**TASK REQUIREMENTS**
Any images in the records should be skipped; transcribe the rest exactly.

[Records drawn from a dataset]
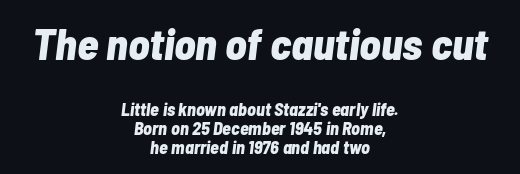
Q: Is the text bold? A: Yes.
Q: Is the text italic (slanted)? A: Yes, it leans right by about 7 degrees.
Q: Is the text underlined? A: No.
Q: How is the paragraph aligned? A: Centered.
Q: Is the spacing between letters normal or unusually wide? A: Normal.
Q: Is the spacing between lines tight, normal or loose? A: Tight.
Q: Which block of text is set in a larger size, the first (top) or the second (bottom)? A: The first (top) one.
Q: Width (condensed, normal, or wide)? A: Condensed.
Q: Stroke contrast? A: Low.
Q: x-height? A: Medium.
Q: Monospaced? A: No.
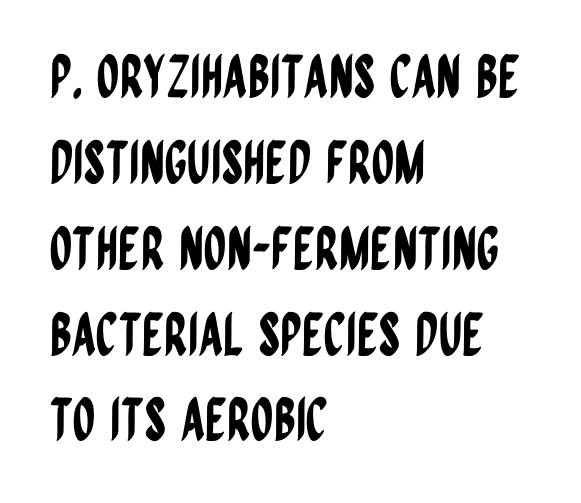
Q: Is the text italic (slanted)? A: No, it is upright.
Q: Is the typeface a serif or a sans-serif typeface? A: Sans-serif.
Q: Is the text underlined? A: No.
Q: How is the paragraph aligned? A: Left-aligned.
Q: Is the spacing between letters normal or unusually wide? A: Normal.
Q: Is the spacing between lines tight, normal or loose? A: Normal.
Q: Width (condensed, normal, or wide)? A: Condensed.
Q: Stroke contrast? A: Low.
Q: x-height? A: Large.
Q: Monospaced? A: No.

**TASK RESULT**
Q: Is the text bold? A: Yes.
Q: Is the text italic (slanted)? A: Yes, it leans right by about 7 degrees.
Q: Is the text underlined? A: No.
Q: How is the paragraph aligned? A: Centered.
Q: Is the spacing between letters normal or unusually wide? A: Normal.
Q: Is the spacing between lines tight, normal or loose? A: Tight.
Q: Which block of text is set in a larger size, the first (top) or the second (bottom)? A: The first (top) one.
Q: Width (condensed, normal, or wide)? A: Condensed.
Q: Stroke contrast? A: Low.
Q: x-height? A: Medium.
Q: Monospaced? A: No.
Q: Is the text italic (slanted)? A: No, it is upright.
Q: Is the typeface a serif or a sans-serif typeface? A: Sans-serif.
Q: Is the text underlined? A: No.
Q: How is the paragraph aligned? A: Left-aligned.
Q: Is the spacing between letters normal or unusually wide? A: Normal.
Q: Is the spacing between lines tight, normal or loose? A: Normal.
Q: Width (condensed, normal, or wide)? A: Condensed.
Q: Stroke contrast? A: Low.
Q: x-height? A: Large.
Q: Monospaced? A: No.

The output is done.